Installing SquirrelMail

SquirrelMail may be installed either though a package or directly from source. While no source code compilation takes place in either method, upgrades are made easier using the packages.

Many of the various Linux and Unix distributions include the SquirrelMail package. Install the appropriate package from your distribution to use the binary method.
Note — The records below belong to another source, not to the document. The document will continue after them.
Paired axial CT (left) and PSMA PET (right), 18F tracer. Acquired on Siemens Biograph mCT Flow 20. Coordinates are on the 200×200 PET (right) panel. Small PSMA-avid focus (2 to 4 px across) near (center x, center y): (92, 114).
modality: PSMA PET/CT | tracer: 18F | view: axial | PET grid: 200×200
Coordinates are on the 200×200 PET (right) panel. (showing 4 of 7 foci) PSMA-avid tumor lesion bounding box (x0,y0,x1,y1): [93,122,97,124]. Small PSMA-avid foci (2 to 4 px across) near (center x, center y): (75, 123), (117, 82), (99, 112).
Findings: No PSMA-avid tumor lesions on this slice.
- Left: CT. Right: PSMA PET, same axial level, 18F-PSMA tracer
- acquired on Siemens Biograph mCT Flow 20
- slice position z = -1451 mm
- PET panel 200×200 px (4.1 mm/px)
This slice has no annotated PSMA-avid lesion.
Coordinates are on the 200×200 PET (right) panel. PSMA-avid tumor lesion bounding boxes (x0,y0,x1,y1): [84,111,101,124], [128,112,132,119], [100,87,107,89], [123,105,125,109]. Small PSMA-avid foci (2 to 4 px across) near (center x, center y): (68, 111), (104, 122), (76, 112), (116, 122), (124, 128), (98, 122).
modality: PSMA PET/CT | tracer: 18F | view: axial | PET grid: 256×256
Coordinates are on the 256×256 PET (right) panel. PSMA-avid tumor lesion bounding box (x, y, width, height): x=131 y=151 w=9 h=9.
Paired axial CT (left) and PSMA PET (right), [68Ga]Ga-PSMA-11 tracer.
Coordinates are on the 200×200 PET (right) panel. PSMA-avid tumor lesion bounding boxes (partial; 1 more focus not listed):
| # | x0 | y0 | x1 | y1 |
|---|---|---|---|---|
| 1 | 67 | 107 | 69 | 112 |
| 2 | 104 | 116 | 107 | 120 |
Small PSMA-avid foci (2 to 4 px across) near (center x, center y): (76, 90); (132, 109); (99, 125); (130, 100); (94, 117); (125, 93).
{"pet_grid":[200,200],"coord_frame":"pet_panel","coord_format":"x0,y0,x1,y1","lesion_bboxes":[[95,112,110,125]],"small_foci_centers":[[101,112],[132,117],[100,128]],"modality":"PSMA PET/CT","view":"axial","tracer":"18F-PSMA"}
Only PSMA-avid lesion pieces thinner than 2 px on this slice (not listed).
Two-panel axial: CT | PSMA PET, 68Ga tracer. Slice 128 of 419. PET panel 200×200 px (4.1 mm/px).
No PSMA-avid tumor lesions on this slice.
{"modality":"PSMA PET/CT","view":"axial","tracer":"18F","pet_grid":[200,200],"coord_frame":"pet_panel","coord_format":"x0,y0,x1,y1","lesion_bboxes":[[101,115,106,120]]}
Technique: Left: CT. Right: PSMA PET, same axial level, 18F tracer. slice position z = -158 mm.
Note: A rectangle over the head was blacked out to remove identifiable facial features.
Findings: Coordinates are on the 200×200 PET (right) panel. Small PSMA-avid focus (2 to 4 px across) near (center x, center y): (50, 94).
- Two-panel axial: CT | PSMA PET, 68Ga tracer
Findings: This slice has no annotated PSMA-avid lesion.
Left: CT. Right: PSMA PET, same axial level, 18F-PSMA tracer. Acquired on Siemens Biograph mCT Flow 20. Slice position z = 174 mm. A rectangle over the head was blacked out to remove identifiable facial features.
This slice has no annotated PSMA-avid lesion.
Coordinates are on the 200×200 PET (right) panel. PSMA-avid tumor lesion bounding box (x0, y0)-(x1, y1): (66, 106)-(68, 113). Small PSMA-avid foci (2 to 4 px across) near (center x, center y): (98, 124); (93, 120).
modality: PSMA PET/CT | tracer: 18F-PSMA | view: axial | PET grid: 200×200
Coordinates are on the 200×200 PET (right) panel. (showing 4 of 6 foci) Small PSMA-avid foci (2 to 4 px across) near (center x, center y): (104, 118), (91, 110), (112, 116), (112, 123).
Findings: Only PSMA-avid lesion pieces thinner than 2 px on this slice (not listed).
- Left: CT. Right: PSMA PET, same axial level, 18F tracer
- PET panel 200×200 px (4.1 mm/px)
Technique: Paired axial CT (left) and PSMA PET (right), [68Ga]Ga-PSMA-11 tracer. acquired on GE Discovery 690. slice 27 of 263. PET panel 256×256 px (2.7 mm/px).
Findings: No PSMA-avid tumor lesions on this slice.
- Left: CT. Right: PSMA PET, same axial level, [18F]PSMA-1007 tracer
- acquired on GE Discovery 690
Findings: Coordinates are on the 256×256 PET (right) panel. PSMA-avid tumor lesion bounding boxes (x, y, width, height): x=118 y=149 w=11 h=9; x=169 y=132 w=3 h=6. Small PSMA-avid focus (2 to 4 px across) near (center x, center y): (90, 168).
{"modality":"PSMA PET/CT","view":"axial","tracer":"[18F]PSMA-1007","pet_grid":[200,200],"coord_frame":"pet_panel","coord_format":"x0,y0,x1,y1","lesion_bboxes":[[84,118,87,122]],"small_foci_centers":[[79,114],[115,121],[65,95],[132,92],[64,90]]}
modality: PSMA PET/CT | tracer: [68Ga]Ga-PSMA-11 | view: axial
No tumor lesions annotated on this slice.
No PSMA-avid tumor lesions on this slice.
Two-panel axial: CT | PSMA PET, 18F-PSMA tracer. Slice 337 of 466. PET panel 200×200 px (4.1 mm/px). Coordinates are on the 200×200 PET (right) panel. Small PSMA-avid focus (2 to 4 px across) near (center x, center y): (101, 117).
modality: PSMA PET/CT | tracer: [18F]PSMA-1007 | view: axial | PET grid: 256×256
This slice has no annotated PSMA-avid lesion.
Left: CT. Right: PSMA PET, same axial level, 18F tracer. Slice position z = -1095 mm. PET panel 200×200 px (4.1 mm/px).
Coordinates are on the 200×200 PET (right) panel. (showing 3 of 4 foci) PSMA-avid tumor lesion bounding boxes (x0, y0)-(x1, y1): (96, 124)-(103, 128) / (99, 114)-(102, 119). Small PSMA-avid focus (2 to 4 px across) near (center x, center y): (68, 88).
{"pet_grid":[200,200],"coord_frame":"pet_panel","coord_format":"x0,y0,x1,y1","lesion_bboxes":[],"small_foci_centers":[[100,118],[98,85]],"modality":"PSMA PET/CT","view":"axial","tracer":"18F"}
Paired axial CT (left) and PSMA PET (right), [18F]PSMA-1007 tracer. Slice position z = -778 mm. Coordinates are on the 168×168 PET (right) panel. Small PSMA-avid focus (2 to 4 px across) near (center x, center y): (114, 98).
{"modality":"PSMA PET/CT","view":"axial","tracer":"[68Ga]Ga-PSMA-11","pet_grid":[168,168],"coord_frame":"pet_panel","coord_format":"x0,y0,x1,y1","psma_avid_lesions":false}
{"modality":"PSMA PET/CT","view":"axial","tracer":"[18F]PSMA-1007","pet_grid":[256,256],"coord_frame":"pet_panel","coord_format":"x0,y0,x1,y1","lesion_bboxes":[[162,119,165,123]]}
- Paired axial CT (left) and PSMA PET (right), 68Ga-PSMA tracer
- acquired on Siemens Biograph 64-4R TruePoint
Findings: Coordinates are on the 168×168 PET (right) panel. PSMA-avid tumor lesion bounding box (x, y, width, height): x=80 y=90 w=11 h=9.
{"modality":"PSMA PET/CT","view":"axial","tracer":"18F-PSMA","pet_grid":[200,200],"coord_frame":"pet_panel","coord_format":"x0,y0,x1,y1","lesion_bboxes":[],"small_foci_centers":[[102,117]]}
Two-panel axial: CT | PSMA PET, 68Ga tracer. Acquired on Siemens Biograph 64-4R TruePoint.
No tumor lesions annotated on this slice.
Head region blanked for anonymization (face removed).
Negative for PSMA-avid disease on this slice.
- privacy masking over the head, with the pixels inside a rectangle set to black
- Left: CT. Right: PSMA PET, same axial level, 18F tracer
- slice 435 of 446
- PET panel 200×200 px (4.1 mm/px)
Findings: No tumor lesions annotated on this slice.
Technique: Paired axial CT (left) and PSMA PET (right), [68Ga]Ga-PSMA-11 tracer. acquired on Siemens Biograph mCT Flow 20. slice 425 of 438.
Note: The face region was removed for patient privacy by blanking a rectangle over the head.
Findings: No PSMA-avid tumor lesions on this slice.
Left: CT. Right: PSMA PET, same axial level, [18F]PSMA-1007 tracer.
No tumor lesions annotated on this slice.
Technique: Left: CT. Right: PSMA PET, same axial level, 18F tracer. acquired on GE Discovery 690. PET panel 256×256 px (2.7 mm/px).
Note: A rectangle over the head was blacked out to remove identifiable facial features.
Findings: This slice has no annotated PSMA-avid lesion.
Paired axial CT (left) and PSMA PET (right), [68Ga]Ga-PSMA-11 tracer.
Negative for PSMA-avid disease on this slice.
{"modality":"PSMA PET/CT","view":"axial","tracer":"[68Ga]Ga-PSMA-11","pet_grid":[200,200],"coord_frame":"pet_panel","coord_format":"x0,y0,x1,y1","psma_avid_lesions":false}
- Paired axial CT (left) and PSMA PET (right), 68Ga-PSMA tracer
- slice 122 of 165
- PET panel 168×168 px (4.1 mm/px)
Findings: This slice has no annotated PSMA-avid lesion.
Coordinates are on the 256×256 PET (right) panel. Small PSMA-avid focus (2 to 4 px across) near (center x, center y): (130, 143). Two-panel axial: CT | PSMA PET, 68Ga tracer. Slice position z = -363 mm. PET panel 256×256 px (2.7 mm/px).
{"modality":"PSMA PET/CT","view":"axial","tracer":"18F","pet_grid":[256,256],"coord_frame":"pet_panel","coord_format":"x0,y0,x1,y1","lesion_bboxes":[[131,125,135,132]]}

On many Linux distributions, this may be an RPM file that begins with squirrelmail….

However, an updated version of SquirrelMail may not be included or available for your specific distribution.

The following are the advantages of using the version of SquirrelMail provided with a Linux distribution:

  • It will be very simple to install SquirrelMail.
  • It will require much less configuration as it will be configured to use the standard locations chosen by your Linux distributer.
  • Updates will be very easy to apply, and migration issues may be dealt with by the package management system.

The following are the disadvantages of using the version of SquirrelMail provided with a Linux distribution:

  • It may not be the latest version. For example, a more recent version that may fix a security vulnerability may have been released, but Linux distributors may not have created a new package yet.
  • Sometimes Linux distributions alter packages by applying patches. These patches may affect the operation of the package, and may make getting support or help more difficult.

Source installation

If you do not install SquirrelMail through your distribution, you will need to obtain the appropriate tarball. To do so, visit the SquirrelMail website at http://www.squirrelmail.org , and click download it here. At the time of writing, this link is http://www.squirrelmail.org/download.php

There are two versions available for download, a stable version and a development version. Unless you have specific reasons for choosing otherwise, it is generally best to choose the stable version. Download and save this file to an intermediate location.

$ cd /tmp
$ wget http://squirrelmail.org/countdl.php?fileurl=http%3A%2F%2Fprdownloads.sourceforge.net%2Fsquirrelmail%2Fsquirrelmail-1.4.19.tar.gz

Next, unpack the tarball (.tar.gz) file. You may use the following command:

$ tar xfz squirrelmail-1.4.19.tar.gz

Move the folder just created to your web root folder. This is the directory from which Apache serves pages. In this case, we will assume that /var/www/html is your web root. We will also rename the clumsy squirrelmail-1.4.3a folder to a more simple mail folder. You will need to have superuser root privileges in order to do this on most systems.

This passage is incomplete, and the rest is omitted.